+++ INPUT DATA
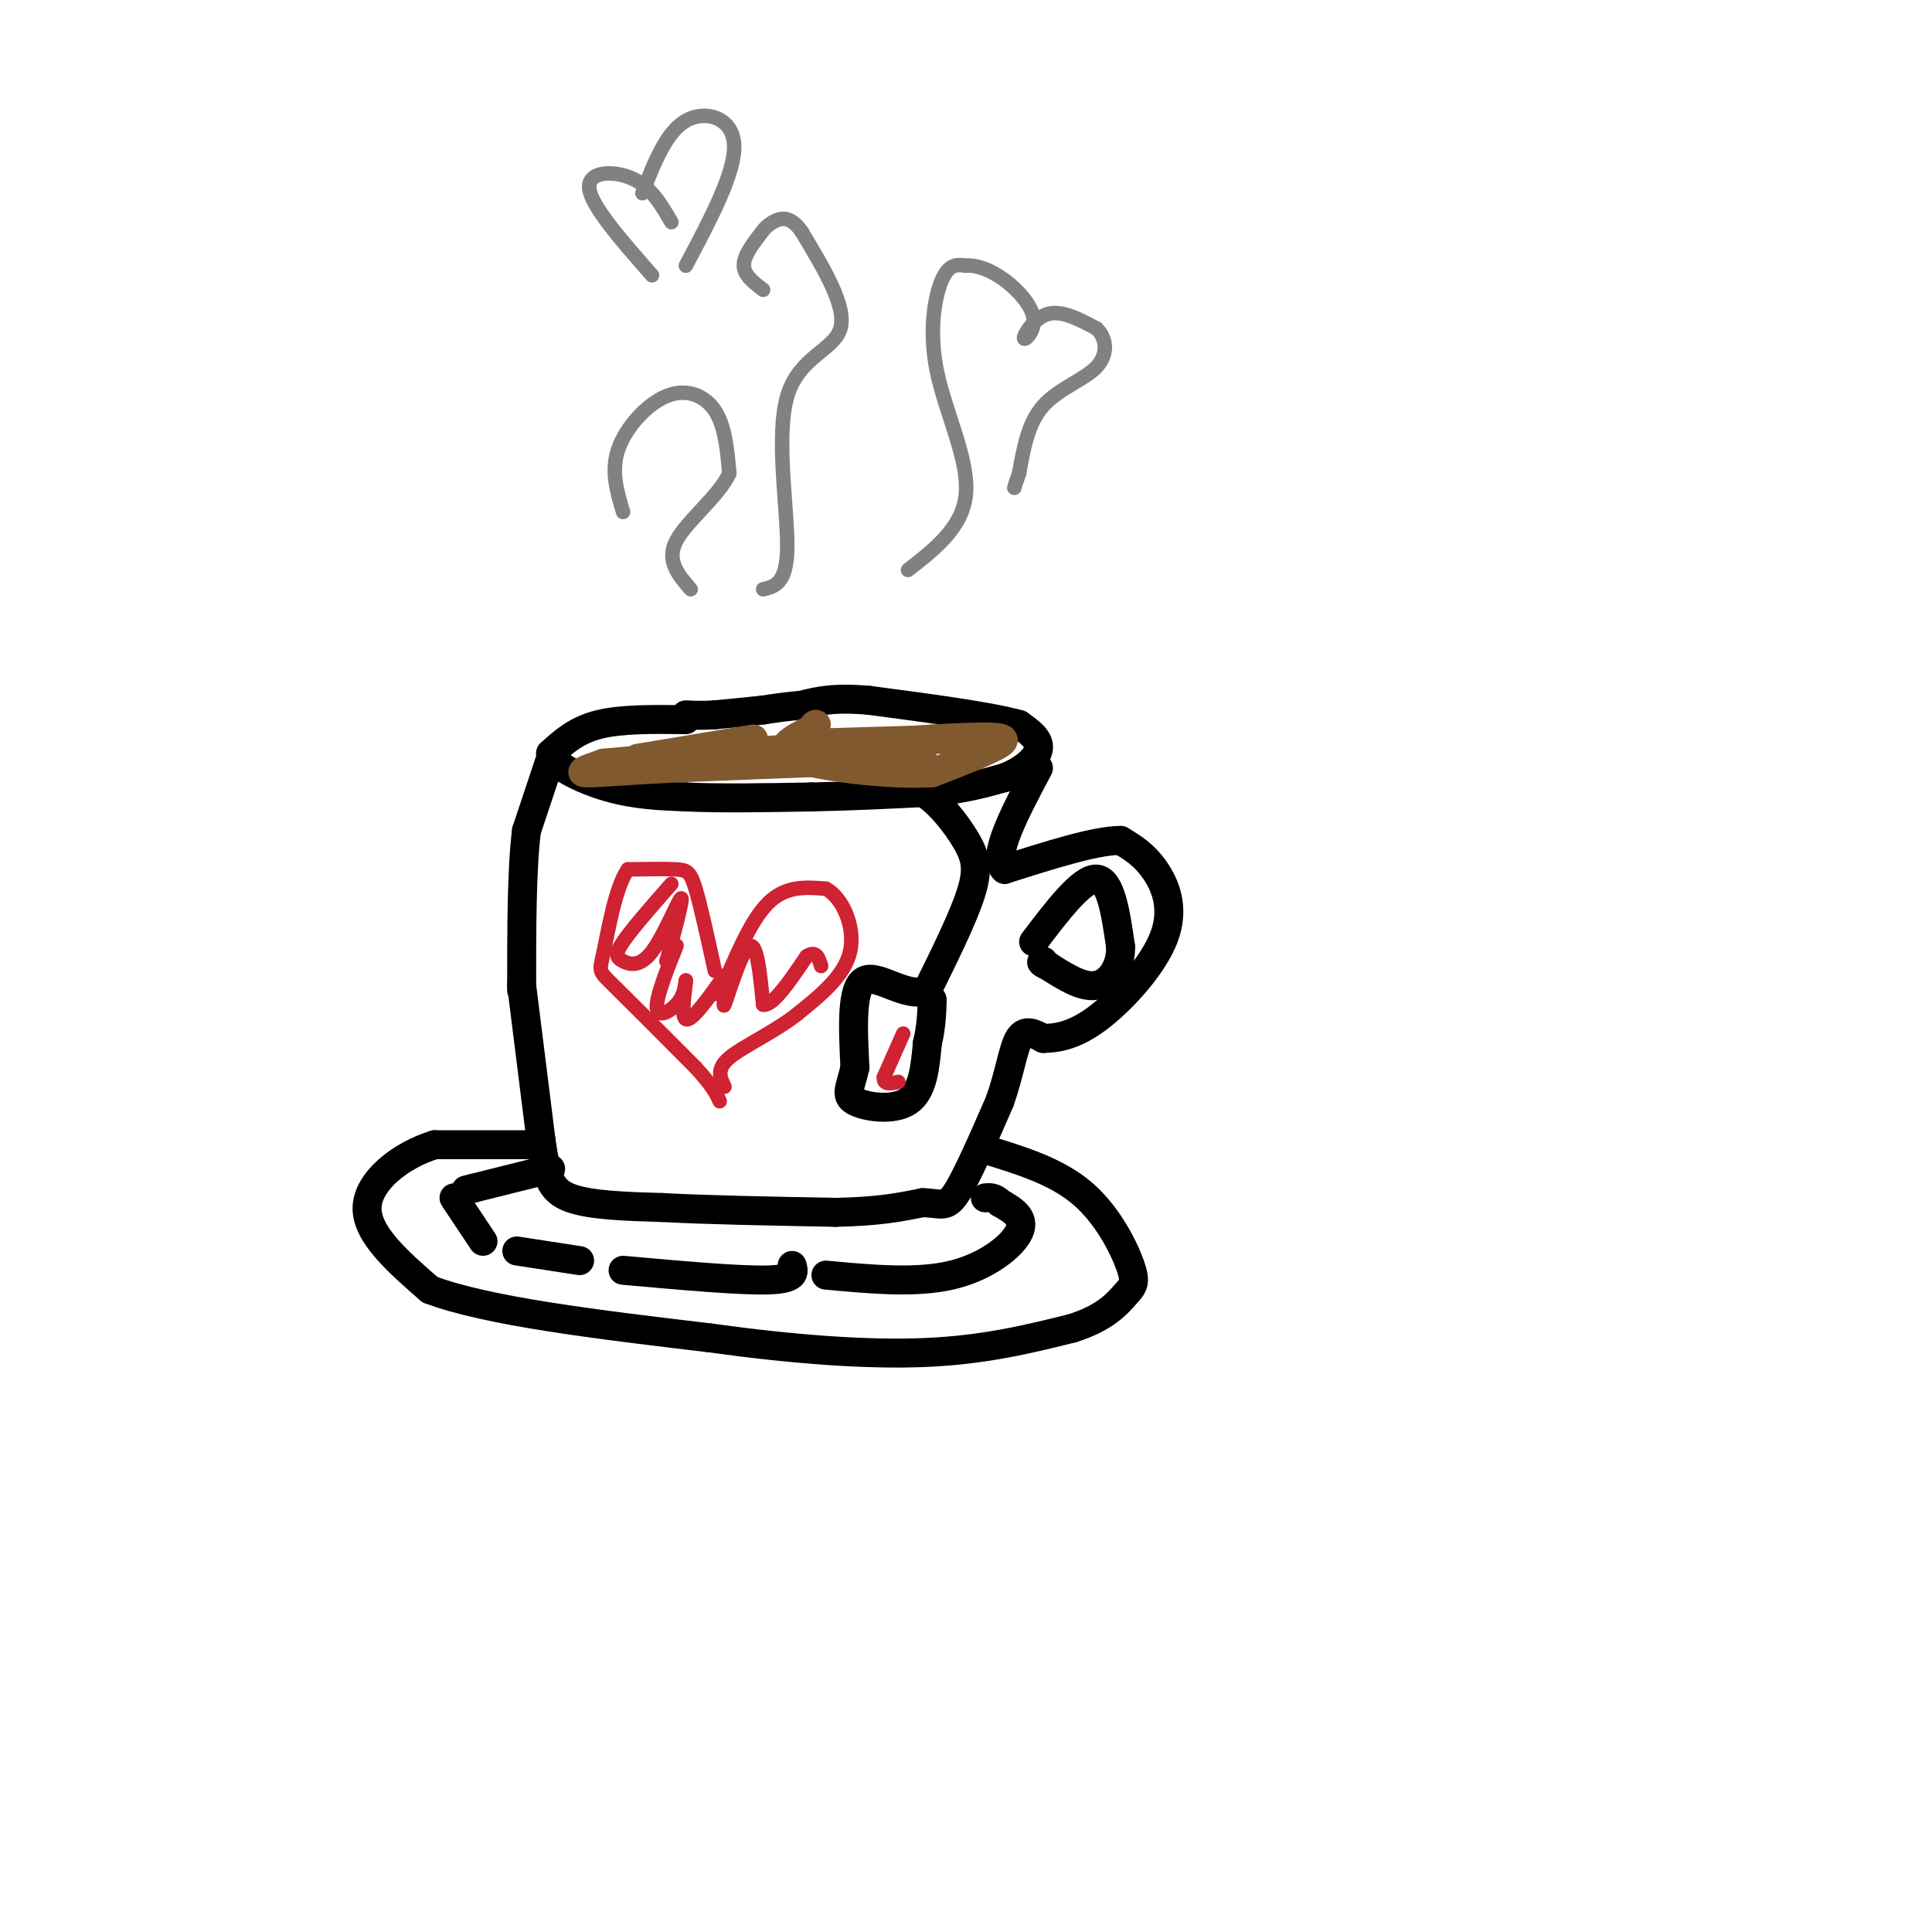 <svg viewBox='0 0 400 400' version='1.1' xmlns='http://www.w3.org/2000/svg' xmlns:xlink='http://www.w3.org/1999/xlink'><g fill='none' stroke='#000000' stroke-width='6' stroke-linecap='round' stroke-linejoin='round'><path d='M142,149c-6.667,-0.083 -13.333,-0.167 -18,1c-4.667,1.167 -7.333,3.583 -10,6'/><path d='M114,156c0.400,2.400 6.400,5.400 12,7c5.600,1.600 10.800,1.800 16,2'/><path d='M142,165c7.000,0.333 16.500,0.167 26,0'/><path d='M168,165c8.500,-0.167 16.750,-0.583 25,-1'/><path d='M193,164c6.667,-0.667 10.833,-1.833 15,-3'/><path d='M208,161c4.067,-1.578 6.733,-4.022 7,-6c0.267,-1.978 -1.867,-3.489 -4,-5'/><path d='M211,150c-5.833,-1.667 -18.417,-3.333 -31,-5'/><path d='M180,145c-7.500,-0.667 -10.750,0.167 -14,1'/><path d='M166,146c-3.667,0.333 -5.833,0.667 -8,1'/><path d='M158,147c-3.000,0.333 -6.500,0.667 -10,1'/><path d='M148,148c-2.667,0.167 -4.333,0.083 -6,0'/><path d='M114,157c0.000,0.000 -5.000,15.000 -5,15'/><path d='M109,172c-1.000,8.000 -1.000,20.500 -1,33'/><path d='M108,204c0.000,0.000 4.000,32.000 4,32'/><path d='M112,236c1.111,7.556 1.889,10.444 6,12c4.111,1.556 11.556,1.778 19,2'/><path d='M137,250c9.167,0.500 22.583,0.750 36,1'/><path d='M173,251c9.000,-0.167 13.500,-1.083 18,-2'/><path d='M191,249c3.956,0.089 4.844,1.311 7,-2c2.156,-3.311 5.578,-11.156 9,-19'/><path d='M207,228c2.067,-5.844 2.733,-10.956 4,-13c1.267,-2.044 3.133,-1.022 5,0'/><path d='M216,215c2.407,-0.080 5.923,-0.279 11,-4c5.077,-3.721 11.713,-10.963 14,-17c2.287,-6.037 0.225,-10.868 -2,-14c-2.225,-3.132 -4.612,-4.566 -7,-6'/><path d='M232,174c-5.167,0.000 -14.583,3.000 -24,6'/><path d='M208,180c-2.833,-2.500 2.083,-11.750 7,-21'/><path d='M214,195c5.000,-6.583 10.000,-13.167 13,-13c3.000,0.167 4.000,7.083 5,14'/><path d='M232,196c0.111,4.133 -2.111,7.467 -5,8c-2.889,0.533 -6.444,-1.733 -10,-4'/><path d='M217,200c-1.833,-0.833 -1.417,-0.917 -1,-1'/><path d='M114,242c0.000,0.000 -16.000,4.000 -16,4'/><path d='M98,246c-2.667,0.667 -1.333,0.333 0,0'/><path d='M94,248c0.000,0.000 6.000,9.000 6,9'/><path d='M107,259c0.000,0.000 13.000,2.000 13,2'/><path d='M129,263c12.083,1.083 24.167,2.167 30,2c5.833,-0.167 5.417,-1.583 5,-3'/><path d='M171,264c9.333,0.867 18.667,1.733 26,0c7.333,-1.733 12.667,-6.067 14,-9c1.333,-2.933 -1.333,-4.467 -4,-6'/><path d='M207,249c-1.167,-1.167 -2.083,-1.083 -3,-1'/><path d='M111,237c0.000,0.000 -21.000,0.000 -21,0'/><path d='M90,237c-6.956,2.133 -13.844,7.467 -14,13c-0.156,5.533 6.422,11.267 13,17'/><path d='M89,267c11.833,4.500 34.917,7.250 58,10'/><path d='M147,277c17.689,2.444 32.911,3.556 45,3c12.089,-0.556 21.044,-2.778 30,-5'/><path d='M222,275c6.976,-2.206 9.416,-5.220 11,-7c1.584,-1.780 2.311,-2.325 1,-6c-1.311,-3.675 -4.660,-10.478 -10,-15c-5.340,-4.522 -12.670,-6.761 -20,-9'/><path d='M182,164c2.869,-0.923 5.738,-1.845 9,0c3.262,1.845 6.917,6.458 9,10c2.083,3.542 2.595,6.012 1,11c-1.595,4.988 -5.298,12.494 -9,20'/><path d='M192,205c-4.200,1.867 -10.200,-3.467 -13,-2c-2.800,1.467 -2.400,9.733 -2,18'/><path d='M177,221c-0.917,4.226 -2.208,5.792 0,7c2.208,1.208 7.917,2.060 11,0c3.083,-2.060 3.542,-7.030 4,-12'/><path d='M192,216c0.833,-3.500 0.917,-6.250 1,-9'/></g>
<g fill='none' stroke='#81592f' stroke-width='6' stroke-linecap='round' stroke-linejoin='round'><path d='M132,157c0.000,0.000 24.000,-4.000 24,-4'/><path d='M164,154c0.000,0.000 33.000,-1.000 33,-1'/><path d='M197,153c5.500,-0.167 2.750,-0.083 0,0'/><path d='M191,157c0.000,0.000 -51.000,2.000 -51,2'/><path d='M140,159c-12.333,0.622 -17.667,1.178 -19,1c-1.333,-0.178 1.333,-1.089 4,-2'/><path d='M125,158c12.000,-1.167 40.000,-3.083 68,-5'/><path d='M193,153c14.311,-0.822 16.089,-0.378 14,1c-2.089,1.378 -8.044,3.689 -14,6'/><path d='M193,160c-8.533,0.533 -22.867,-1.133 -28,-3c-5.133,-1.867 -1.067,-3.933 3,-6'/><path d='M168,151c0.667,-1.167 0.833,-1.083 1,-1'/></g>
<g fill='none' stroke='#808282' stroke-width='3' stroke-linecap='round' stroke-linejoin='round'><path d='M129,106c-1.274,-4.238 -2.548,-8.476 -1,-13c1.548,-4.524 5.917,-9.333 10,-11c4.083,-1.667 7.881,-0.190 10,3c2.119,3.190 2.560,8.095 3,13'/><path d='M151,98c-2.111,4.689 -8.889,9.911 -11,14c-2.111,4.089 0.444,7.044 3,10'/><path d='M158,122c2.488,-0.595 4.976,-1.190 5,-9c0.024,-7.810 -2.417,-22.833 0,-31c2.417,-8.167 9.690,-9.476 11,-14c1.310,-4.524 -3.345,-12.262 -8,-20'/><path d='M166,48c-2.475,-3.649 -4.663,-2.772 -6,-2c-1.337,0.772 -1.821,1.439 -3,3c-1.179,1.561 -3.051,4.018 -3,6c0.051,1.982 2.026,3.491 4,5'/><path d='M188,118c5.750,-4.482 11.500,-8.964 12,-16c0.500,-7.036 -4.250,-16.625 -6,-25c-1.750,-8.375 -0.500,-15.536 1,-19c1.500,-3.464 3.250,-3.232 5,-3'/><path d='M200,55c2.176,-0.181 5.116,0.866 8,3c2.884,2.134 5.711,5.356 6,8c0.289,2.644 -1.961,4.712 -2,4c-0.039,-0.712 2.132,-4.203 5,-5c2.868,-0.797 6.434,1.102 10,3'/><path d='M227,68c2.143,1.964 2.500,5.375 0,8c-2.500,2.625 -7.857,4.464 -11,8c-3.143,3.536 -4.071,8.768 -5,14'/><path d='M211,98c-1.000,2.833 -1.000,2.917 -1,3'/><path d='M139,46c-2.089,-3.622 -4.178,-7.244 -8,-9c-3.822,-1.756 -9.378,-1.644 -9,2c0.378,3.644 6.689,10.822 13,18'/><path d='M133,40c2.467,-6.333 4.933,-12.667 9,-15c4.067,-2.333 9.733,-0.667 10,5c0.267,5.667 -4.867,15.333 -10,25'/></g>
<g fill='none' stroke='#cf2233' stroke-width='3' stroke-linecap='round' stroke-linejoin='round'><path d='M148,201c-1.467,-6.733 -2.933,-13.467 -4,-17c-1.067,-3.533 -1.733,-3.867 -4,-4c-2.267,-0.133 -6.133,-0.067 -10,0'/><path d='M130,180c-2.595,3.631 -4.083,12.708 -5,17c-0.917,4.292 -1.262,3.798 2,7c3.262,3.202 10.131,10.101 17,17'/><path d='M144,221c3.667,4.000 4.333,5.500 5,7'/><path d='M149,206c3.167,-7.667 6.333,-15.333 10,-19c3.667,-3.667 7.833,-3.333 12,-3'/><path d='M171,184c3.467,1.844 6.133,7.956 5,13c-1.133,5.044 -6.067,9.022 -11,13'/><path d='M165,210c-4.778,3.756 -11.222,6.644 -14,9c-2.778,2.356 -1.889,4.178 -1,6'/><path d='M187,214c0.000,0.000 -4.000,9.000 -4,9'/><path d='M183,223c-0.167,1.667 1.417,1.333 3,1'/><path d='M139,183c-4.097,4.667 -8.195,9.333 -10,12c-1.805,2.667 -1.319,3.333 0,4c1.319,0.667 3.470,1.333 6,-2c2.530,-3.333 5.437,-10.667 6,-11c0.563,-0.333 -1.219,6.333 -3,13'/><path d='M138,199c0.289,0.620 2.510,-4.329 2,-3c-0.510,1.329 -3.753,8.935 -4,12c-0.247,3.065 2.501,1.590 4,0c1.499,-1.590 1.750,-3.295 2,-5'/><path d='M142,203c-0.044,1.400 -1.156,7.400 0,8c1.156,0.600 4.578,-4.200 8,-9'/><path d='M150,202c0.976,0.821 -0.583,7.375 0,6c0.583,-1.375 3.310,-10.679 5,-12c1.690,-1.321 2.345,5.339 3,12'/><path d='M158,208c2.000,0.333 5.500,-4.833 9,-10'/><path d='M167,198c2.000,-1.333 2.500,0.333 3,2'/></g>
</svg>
++++++
THE TASK ▸ Write the lines out again exactly, beginning at the line that contains "<g fill='none' stroke='#cf2233'" and stopping only at the final line of the listing above.

RESULT FOR THIS TASK ▸
<g fill='none' stroke='#cf2233' stroke-width='3' stroke-linecap='round' stroke-linejoin='round'><path d='M148,201c-1.467,-6.733 -2.933,-13.467 -4,-17c-1.067,-3.533 -1.733,-3.867 -4,-4c-2.267,-0.133 -6.133,-0.067 -10,0'/><path d='M130,180c-2.595,3.631 -4.083,12.708 -5,17c-0.917,4.292 -1.262,3.798 2,7c3.262,3.202 10.131,10.101 17,17'/><path d='M144,221c3.667,4.000 4.333,5.500 5,7'/><path d='M149,206c3.167,-7.667 6.333,-15.333 10,-19c3.667,-3.667 7.833,-3.333 12,-3'/><path d='M171,184c3.467,1.844 6.133,7.956 5,13c-1.133,5.044 -6.067,9.022 -11,13'/><path d='M165,210c-4.778,3.756 -11.222,6.644 -14,9c-2.778,2.356 -1.889,4.178 -1,6'/><path d='M187,214c0.000,0.000 -4.000,9.000 -4,9'/><path d='M183,223c-0.167,1.667 1.417,1.333 3,1'/><path d='M139,183c-4.097,4.667 -8.195,9.333 -10,12c-1.805,2.667 -1.319,3.333 0,4c1.319,0.667 3.470,1.333 6,-2c2.530,-3.333 5.437,-10.667 6,-11c0.563,-0.333 -1.219,6.333 -3,13'/><path d='M138,199c0.289,0.620 2.510,-4.329 2,-3c-0.510,1.329 -3.753,8.935 -4,12c-0.247,3.065 2.501,1.590 4,0c1.499,-1.590 1.750,-3.295 2,-5'/><path d='M142,203c-0.044,1.400 -1.156,7.400 0,8c1.156,0.600 4.578,-4.200 8,-9'/><path d='M150,202c0.976,0.821 -0.583,7.375 0,6c0.583,-1.375 3.310,-10.679 5,-12c1.690,-1.321 2.345,5.339 3,12'/><path d='M158,208c2.000,0.333 5.500,-4.833 9,-10'/><path d='M167,198c2.000,-1.333 2.500,0.333 3,2'/></g>
</svg>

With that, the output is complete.